The record also shows that the applicant did on 14th May, 2003 file an application in which she sought among other prayers;“That the honourable (sic) be pleased to review its orders made on 6th March, 2000 dismissing this suit, in alternative and without prejudice to the foregoing the suit herein be reinstated….”These are more or less the same prayers sought in the instant application. The said application has to date not been prosecuted. In my view this is a clear demonstration of the abuse of court process by the applicant. Litigants have no unlimited right to bring application upon application of similar nature without prosecuting anyone of them. The effect of such scenario is to bog down the court process. That tendency must be nibbed in the bud. It does also appear from the record that sometimes in January, 2007, the applicant filed a Notice to act in person. That Notice was directed at her former Advocates who according to her were Messrs Muraguri & Muraguri Advocates. This is not the correct position however. According to the record, the lawyers who are on record for the applicant are Messrs Ng’ang’a Munene & Co. Advocates. Clearly as the Notice to act in person was directed at the lawyers who were no longer on record for the applicant, it is defective and of no legal effect. That being the case and Messrs Ng’ang’a Munene & Co. Advocates having formerly not withdrawn from acting for the applicant, the applicant could only have filed the instant application through the said firm of Advocates and not in person. For that reason again, the applicant is guilty of abuse of court process. The application as filed falls flat on its face therefore for want of competence.
The application is expressed to be brought under Order IXB rule 4 of the Civil Procedure Rules. This order and rule cover situations where the plaintiff and or defendant is absent during the hearing of the suit. The suit herein was dismissed on a Notice of Motion taken out by the respondent due to the failure by the applicant to set down the originating summons for hearing within time. It was not therefore dismissed for want of attendance so as to bring the aforesaid order and rule in aid of the applicant.

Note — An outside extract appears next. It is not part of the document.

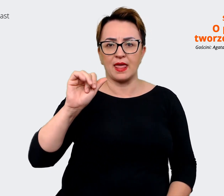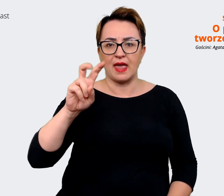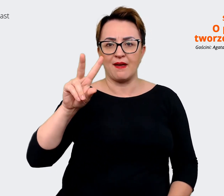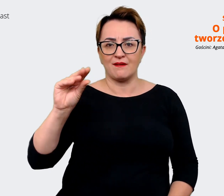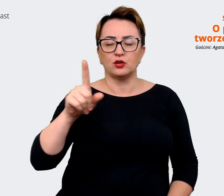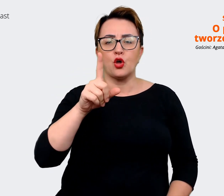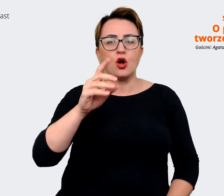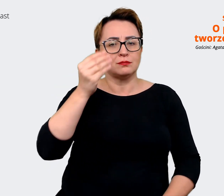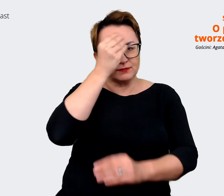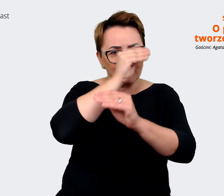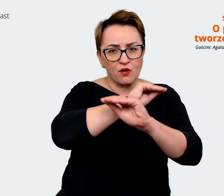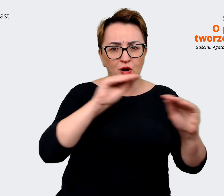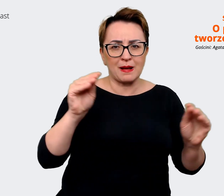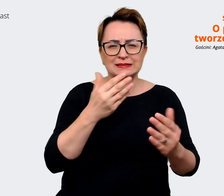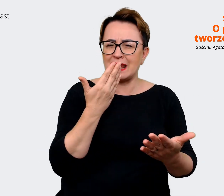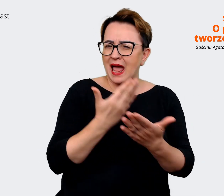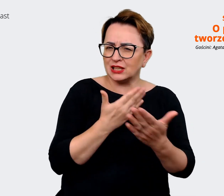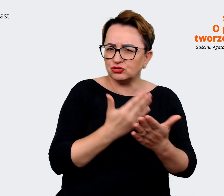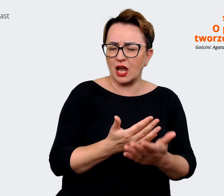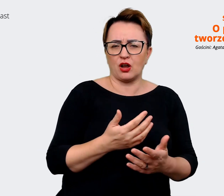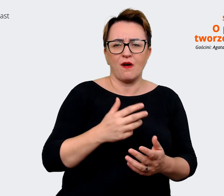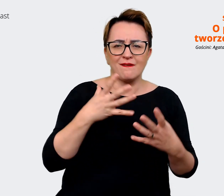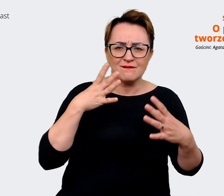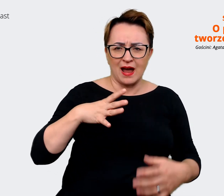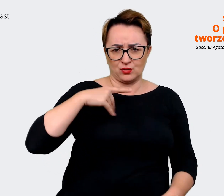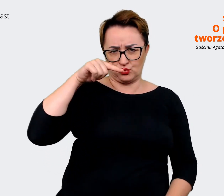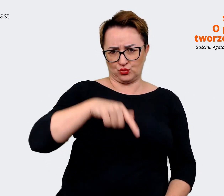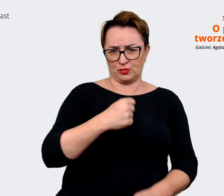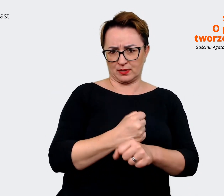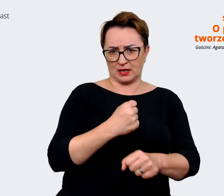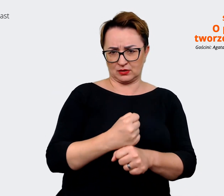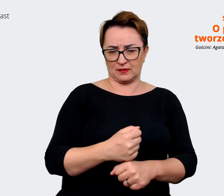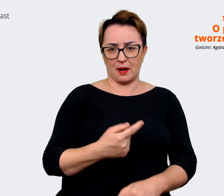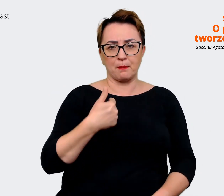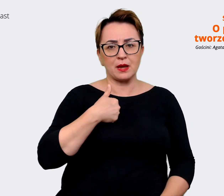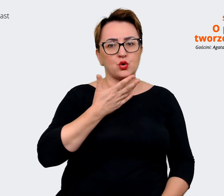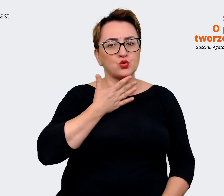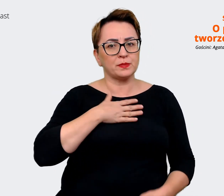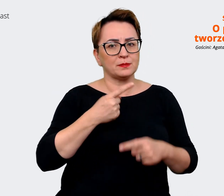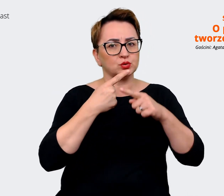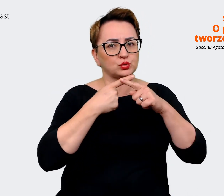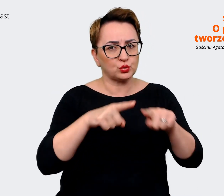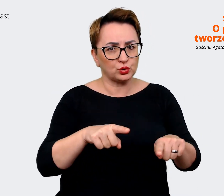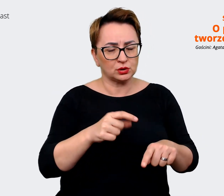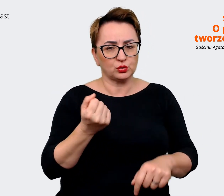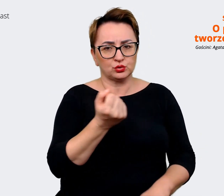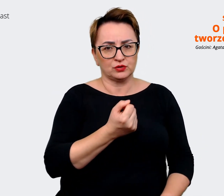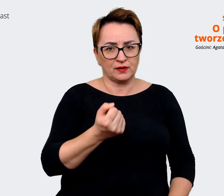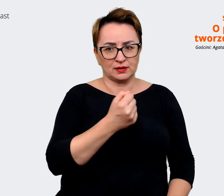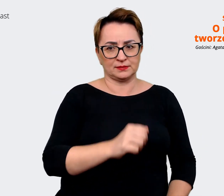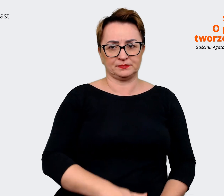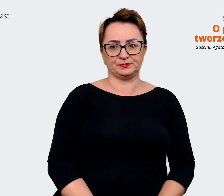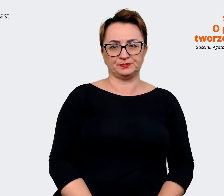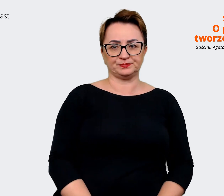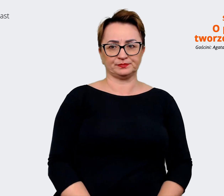tutaj pracować i my je nazywamy w skrócie... lubimy te skróciki... RTB, czyli te reasons
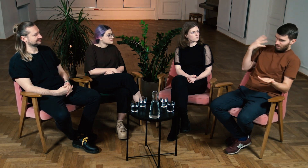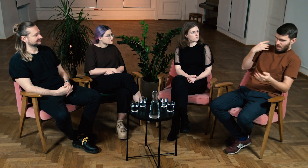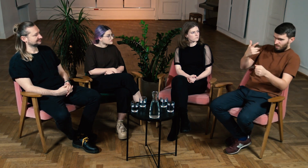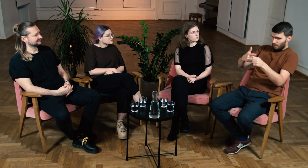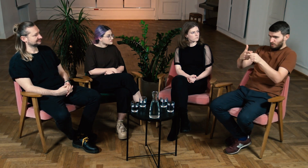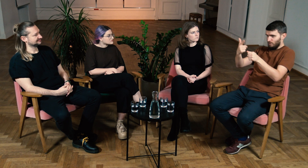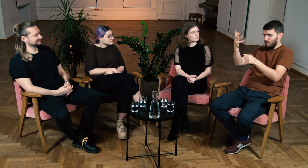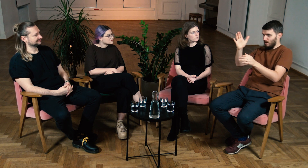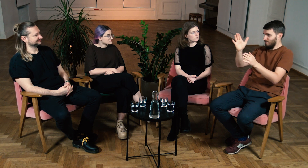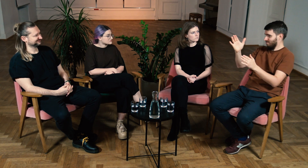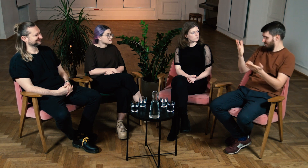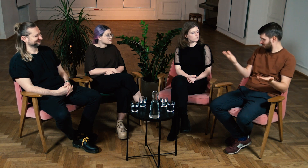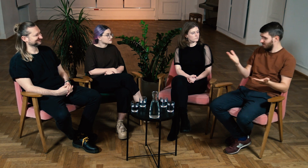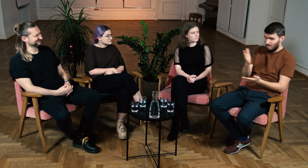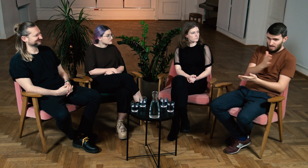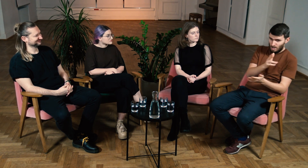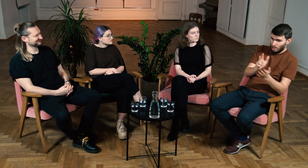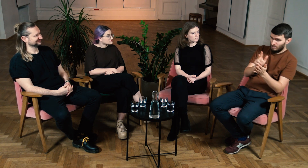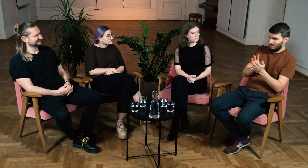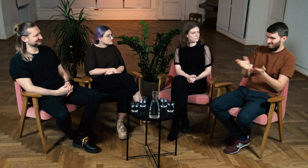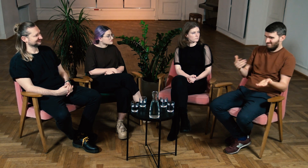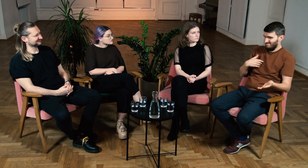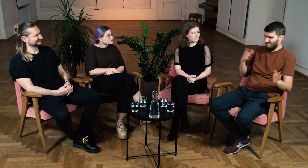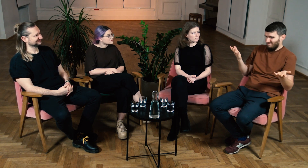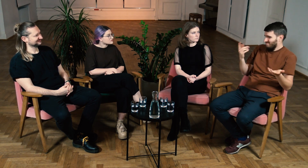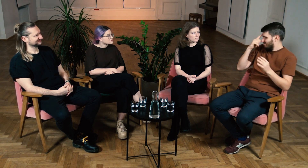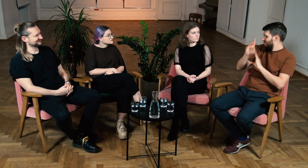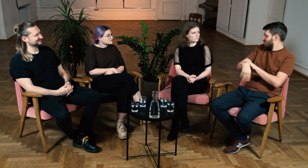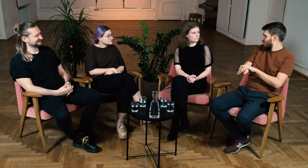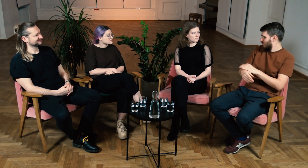dopiero w wieku 20, 22 lat, a jako 18, 19latek w ogóle nie zdawałem sobie z tego sprawy.

If the applicant knew of the dismissal of the suit as early as 24th March, 2003, the court must ask why it has taken the applicant four (4) years to bring the instant application. The delay is certainly inordinate and unexplained. It is a principle of law that courts do not aid the indolent. In the circumstances of this case, it is clear to me that the applicant has nobody to blame for her woes other than herself. To blame her advocates for failure to notify her of the dismissal of the suit is in my view and as correctly submitted by counsel for the respondent, an afterthought and a futile attempt at buck passing. Their being failure by the applicant to explain satisfactorily the inordinate delay in filing the instant application deprives me of the need to exercise my discretion in her favour.
This matter has been lying in this court since 1991. The order of dismissal of the originating summons was made on 6th March, 2000. I do not think that public policy would favour the revival of a suit, seven (7) years down the line. It is in the interest of public policy that litigation at some point in time must come to an end. Litigants ought to know that it is not in the interest of public policy that litigation must continue endlessly even where it is hopeless to do so. In my view the applicant’s journey of justice has hit a dead end. She must now be stopped in her tracks.
Accordingly the application dated 22nd day of January, 2007 and filed in court on 31st January 2007 is hereby dismissed with costs to the 2nd respondent.
Dated and delivered at Nyeri this 16th day of July 2007.